Why would an advertiser do this? Advertisers are typically in leauge with site operators. Site operators just tell them this data (maybe with rare exceptions like superphish). Advertisers don't do this because they don't need to.

Advertisers are not the adversary tls is meant to thrawt. You don't use the lock on your door to thrawt the person who you invited in and opened the door for.

> Not every site requires SNI (yet "modern" browsers send it anyway).

Its difficult to tell if a site needs it or not at the stage where you send it. The current solution seems to be custom dns records (e.g. what ECH is doing last time i looked)

> Tell us how to reliably^1 translate any IP to a domainname at the same speed as one can sniff SNI, and with no extra effort.

The traditional answer is to just sniff the dns traffic.

Otherwise (e.g. if using DoH) just create a db of popular sites you care about. This is not trivial, but still quite easy and the easiest part of the attack being discussed by far.

"Why would an advertiser do this?"

Not an advertiser necessarily but any entity or person that can "monetise" the data collected. The collector might use the data itself, it might license, sell or transfer the data, it might provide services that rely on the data, who knows. Some users may not want to voluntarily share this data when they derive no benefit from doing so. We do not have to guess all the possible ways, besides locating the applicable TLS certificate, that the data might be used before we can honor the user's wish that this data not be sent in plaintext where it is not needed for choosing the certificate.

AFAIK, sniffing SNI is already used for the purpose of censorship by some countries. This has been published. It would be ignorant to think that this is the only purpose for which such data might be used, or that any purpose would always be non-commercial and unconnected, directly or indirectly, to web advertising. As the use of DoH increases, sniffing SNI would seem an easy substitute for sniffing DNS.
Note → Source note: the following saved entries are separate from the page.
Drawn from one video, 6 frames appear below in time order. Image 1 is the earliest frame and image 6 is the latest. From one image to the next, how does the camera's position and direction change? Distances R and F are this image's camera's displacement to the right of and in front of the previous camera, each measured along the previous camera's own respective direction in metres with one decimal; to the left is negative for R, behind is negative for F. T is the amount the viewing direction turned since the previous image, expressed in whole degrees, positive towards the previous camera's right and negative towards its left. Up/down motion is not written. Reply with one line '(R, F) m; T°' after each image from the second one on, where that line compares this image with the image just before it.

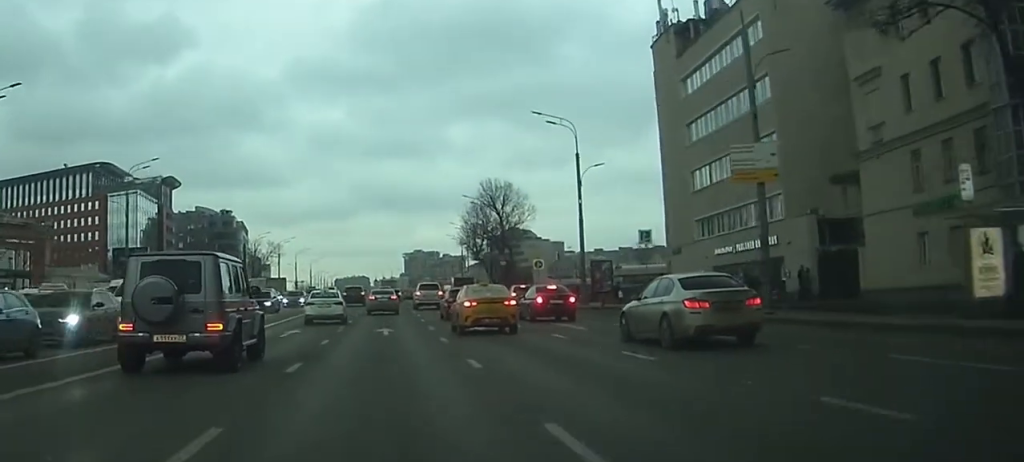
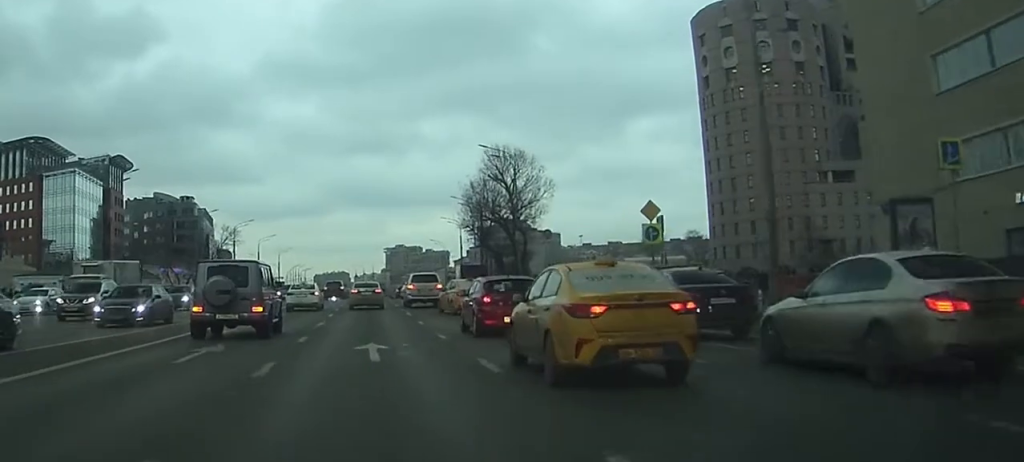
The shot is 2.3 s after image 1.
(0.0, +32.8) m; 0°
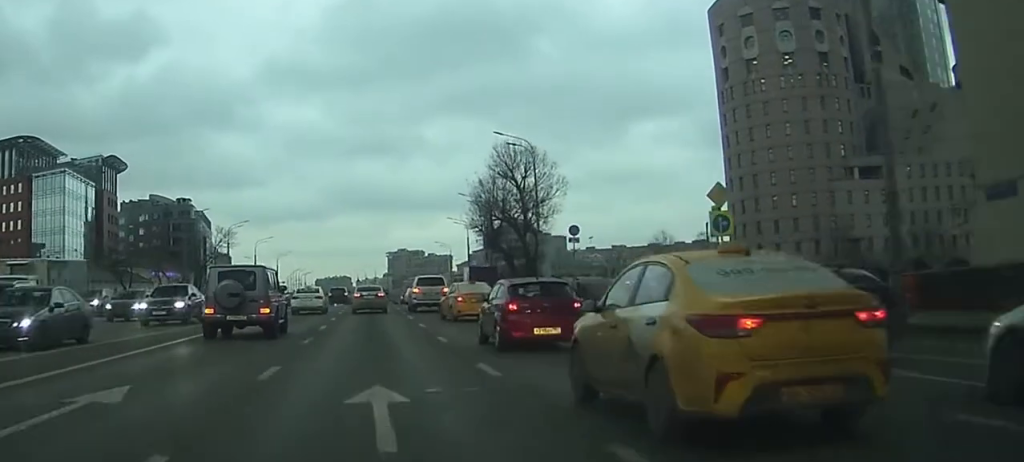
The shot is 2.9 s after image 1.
(0.0, +7.7) m; 0°
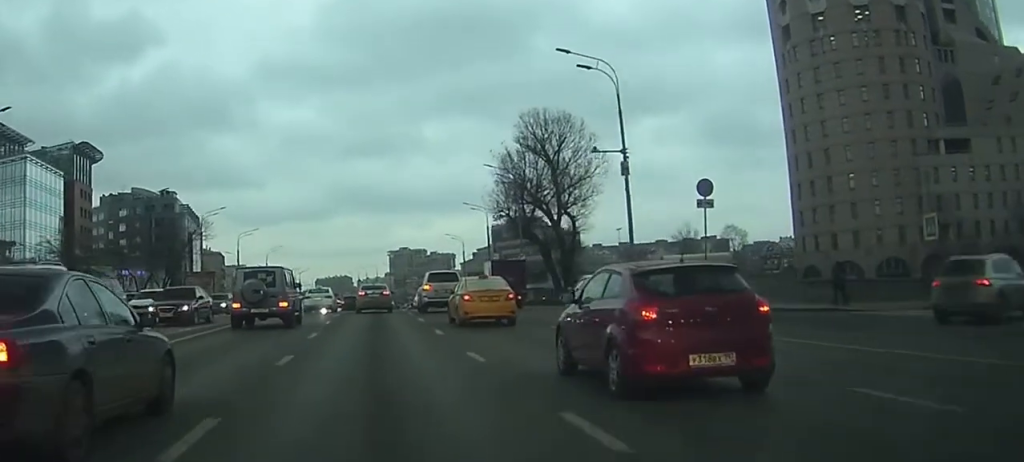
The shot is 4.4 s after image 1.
(-0.2, +22.1) m; -2°
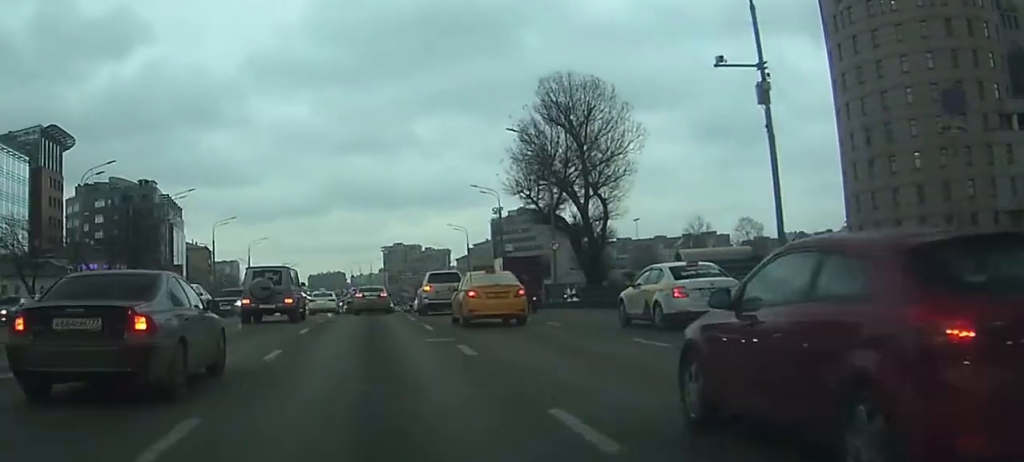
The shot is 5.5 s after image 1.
(-0.1, +16.3) m; 0°
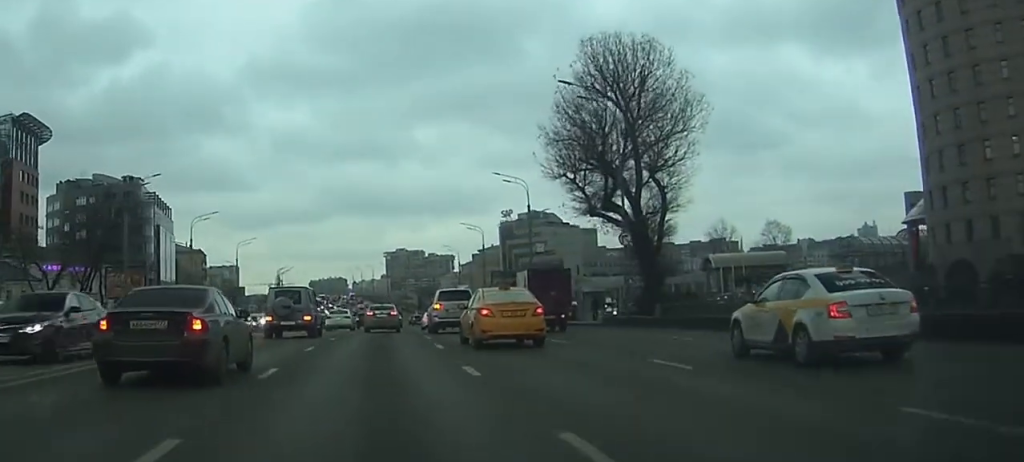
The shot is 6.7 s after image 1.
(+0.1, +16.8) m; 0°

1. A real-time list of every domain visited by a user.

"You don't use the lock on your door to thrawt the person who you invited in and opened the door for."

For some users, advertisers are not an "invited person". What is more, companies like Google have attempted to force the use of TLS for every site, even ones where, in the user's or site operator's opinion, TLS is not needed.
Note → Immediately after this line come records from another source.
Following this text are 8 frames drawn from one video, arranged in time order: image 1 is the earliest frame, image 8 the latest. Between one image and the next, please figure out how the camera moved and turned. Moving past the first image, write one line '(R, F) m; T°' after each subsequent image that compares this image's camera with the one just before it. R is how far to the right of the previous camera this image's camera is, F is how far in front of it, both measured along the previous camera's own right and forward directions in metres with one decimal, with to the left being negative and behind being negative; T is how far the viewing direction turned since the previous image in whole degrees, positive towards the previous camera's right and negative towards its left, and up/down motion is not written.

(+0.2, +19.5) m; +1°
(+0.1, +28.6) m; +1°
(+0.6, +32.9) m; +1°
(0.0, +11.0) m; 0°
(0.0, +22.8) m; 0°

"It is difficult to tell if a site needs it or not at the stage where you send it."

But this is not an argument for sending SNI by default, even where it is not needed.

A TLS proxy can be configured to distinguish sites that need it from sites that do not. This is what I do. The default configuration is to not send SNI. This makes sense because the majority of sites I visit do not require it.

As such, from where I sit, the solution chosen by modern web browsers is to prioritise websites that use CDNs that depend on SNI. The side effects for users of indiscriminantly sending SNI, i.e., sharing every domain the user visits in plaintext on the wire, are not as important as reducing costs for those websites using TLS and CDNs. Arguably, SNI is for the benefit of websites and CDNs at the expense of users. (Hopefully ECH will obviate this tradeoff.)

"Otherwise (e.g. if using DoH) just create a db of popular sites you care about."

According to this answer, 1:1 mapping is not an equally easy alternative to SNI. Sniffing SNI is "trivial" and works for any https site, whereas 1:1 mapping through a database is "non-trivial" and only works for "a selection of popular sites [one] cares about". SNI makes the task of monitoring a user's web use easy. If SNI is not available to sniff, then the task becomes more difficult. This is the point.

Sniffing SNI is easy. The theoretical 1:1 mapping alternative proposed by HN commenters is more difficult. This is the point. What is easy and reliable for all www sites versus what is more difficult and unreliable for all www sites. The point is not what is possible^2 and what is impossible. That is the red herring diversionary argument tactic that HN commenters defending gratuitous SNI like to use.

2. It is possible to avoid DNS altogether and to only send SNI when it is required. I have been doing this for years. Gather bulk DNS data and load the data into a forward TLS proxy that stores domain:IP addresses mapppings in memory and does lookups in real-time as requests are received.